Un simple análisis coste-beneficio lleva a conclusiones rotundas. Como el aumento de fenómenos meteorológicos extremos está demostrando, luchar contra la naturaleza es una batalla que no podemos ganar. Es una fuerza exponencial tan poderosa que no somos capaces de dominarla, pese a la creciente rivalidad de ese nuestro invento también exponencial que es la tecnología.
Que alinear naturaleza y tecnología es mucho mejor que contraponerlas es la gran lección que puede hacer de esta nueva era que llamamos Antropoceno una historia con final feliz. Que ese hombre solitario que tiene que enfrentarse a su inmensidad deje de comportarse como el cobarde envalentonado que se siente amparado por sus inventos, y se dé cuenta de lo indefenso que está sin ellos. Pero también de lo bien que pueden sumar ambas fuerzas exponenciales.

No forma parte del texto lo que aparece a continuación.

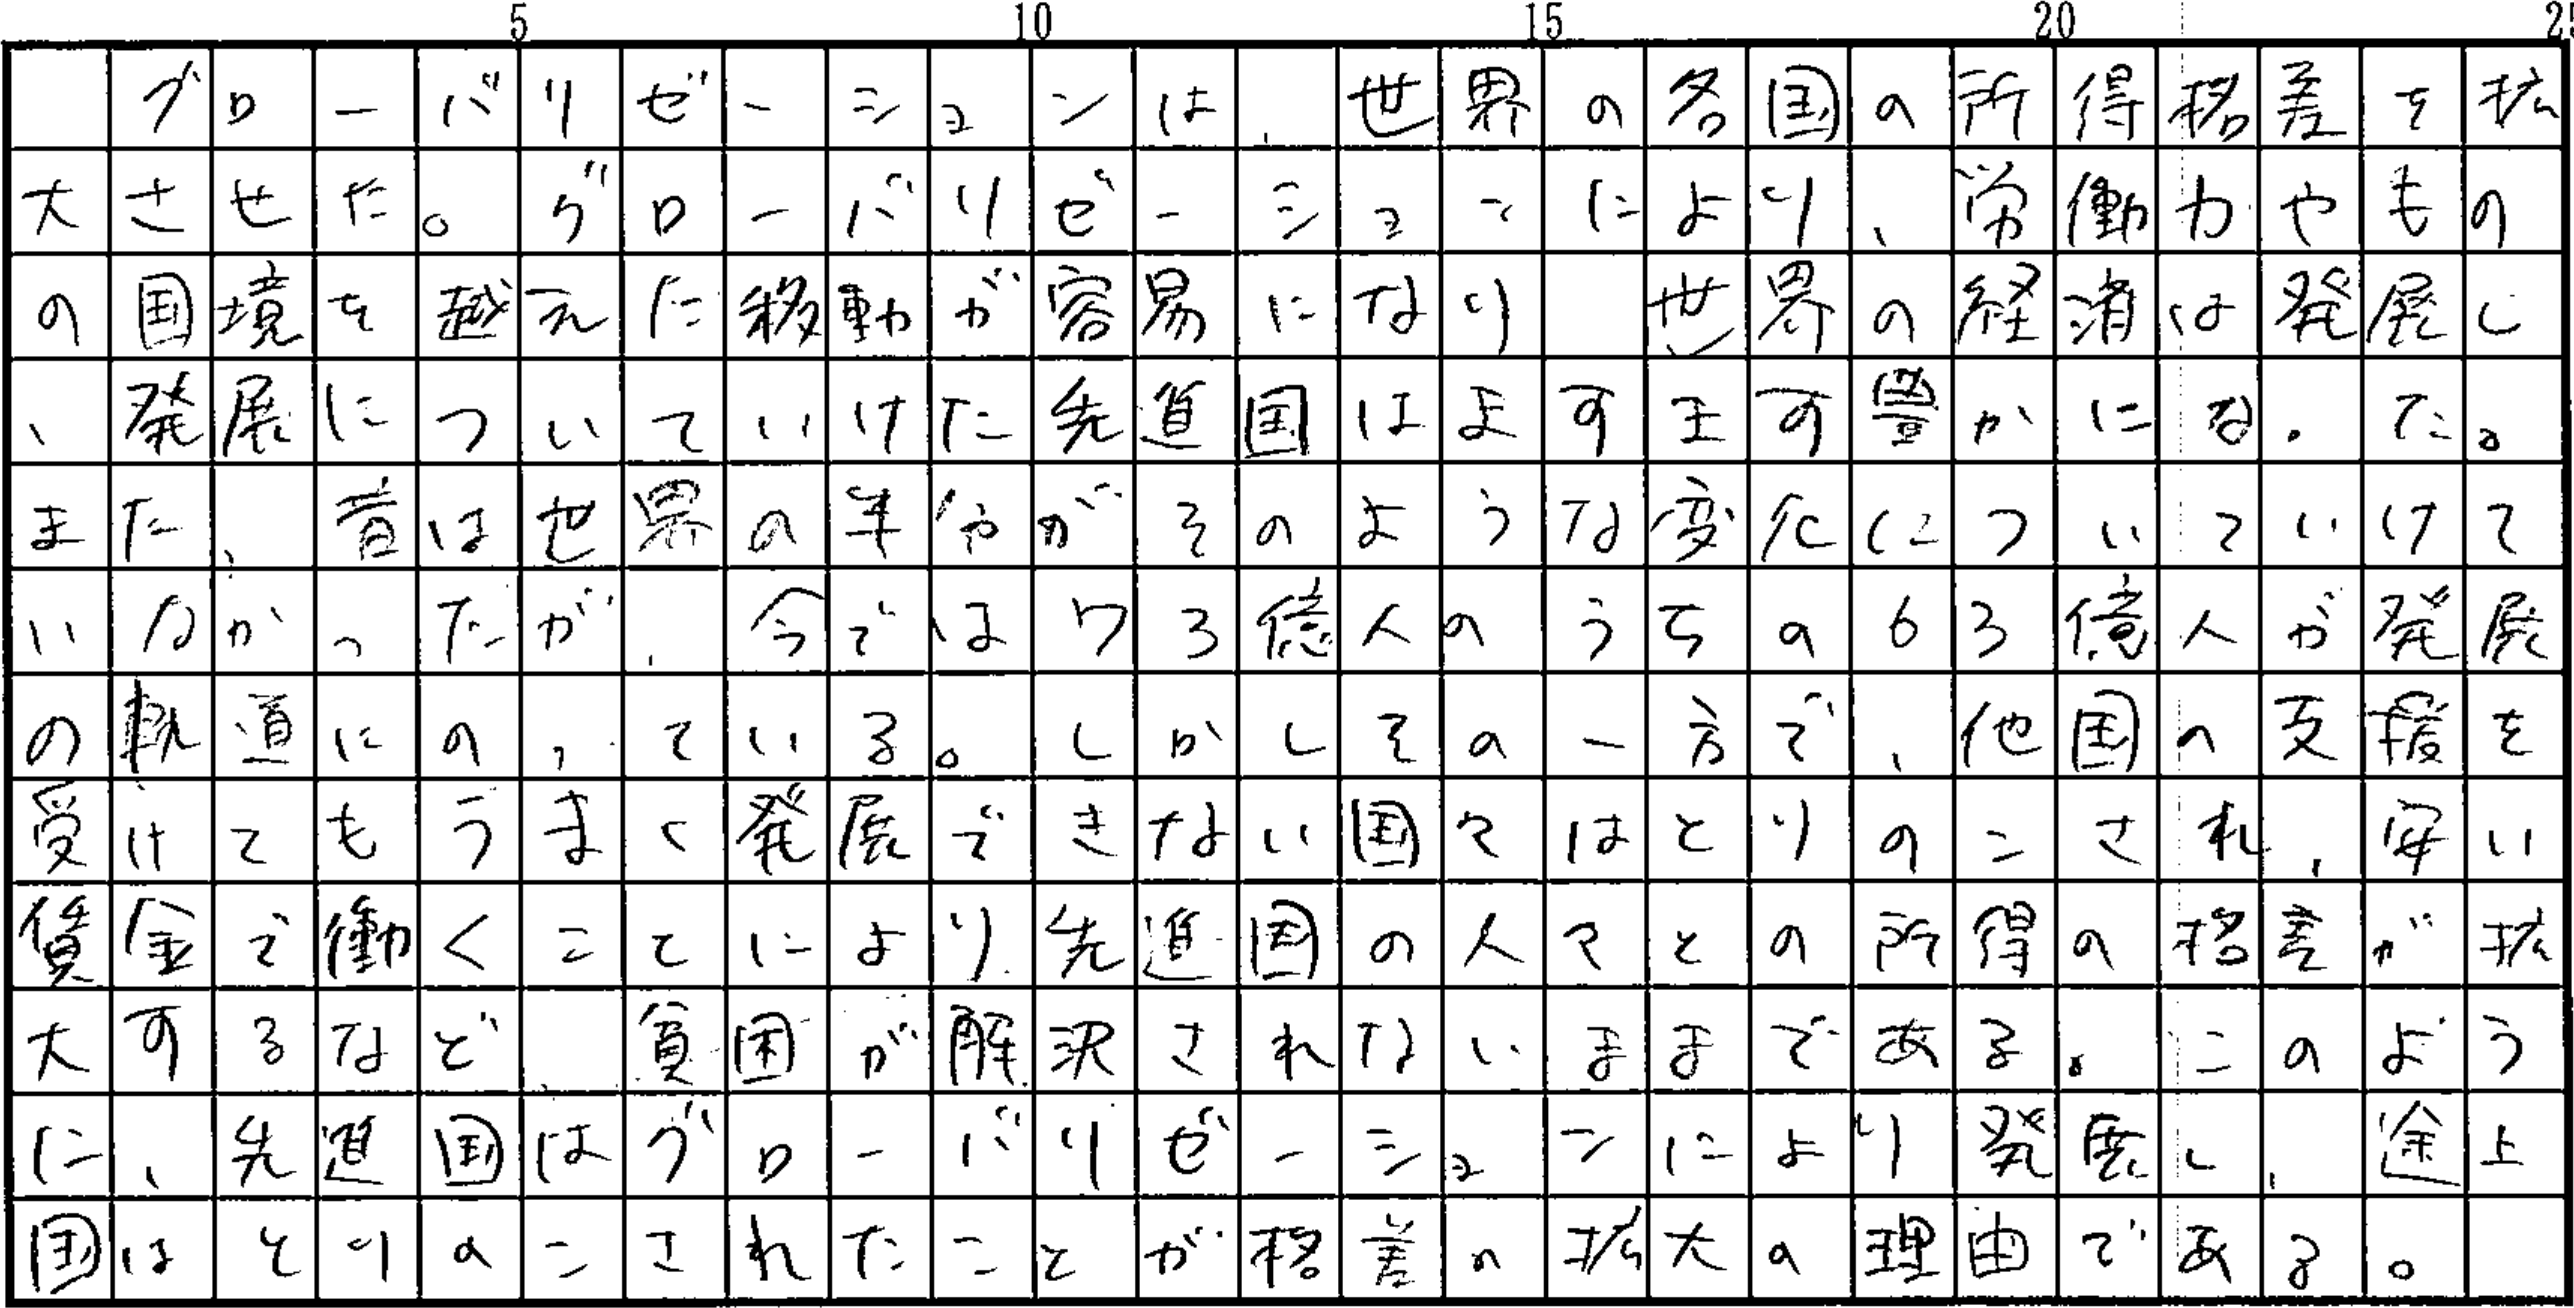　グローバリゼーションは、世界の各国の所得格差を拡大させた。グローバリゼーションにより、労働力やものの国境を越えた移動が容易になり、世界の経済は発展し、発展についていけた先進国はますます豊かになった。また、昔は世界の半分がそのような変化についていけていなかったが、今では７３億人のうち６３億人が発展の軌道にのっている。しかしその一方で、他国の支援を受けてもうまく発展できない国々はとりのこされ、安い賃金で働くことにより先進国の人々との所得の格差が拡大するなど、貧困が解決されないままである。このように、先進国はグローバリゼーションにより発展し、途上国はとりのこされたことが格差の拡大の理由である。

La naturaleza cuenta además con otro tipo de superpoderes. Más en clave de seducción, como demuestra su mano de artista. ¿Quién si no podría crear una criatura tan increíble como el pavo real, o proporcionarnos una variedad tal de frutas en colores, sabores y aromas? Superpoderes tales que incluso está demostrado que son terapéuticos.
Queremos esos poderes en nuestro bando, no en manos del enemigo.
La belleza del armisticio
Una tregua es necesaria, pero insuficiente. Necesitamos un armisticio. Paremos la guerra contra la naturaleza. Esa guerra contra nosotros mismos.
Y el que tenga dudas, que deje su trinchera y pruebe. Hay que salir y disfrutarla. Llenar nuestra vida de naturaleza.
Que viene con buenas noticias. Porque la naturaleza no es vengativa, La naturaleza es generosa y nos devolverá con creces lo que le demos. Aunque tenemos que llegar a tiempo, antes de cruzar límites irreversibles.
Recordando a Jane Goodall, la esperanza puede vencer:
Con tiempo y ayuda, la naturaleza siempre puede regresar. Puede que no parezca la misma, pero las cosas pueden volver a ser bellas.
* El título de este post está inspirado por la canción “Contra la Naturaleza” de Décima Víctima, uno de los grupos más injustamente olvidados de la Movida (si quieres una prueba, escucha “Más lejos”). Me ha estado sonando de fondo mientras escribía este post, tal vez también quieres que te acompañe.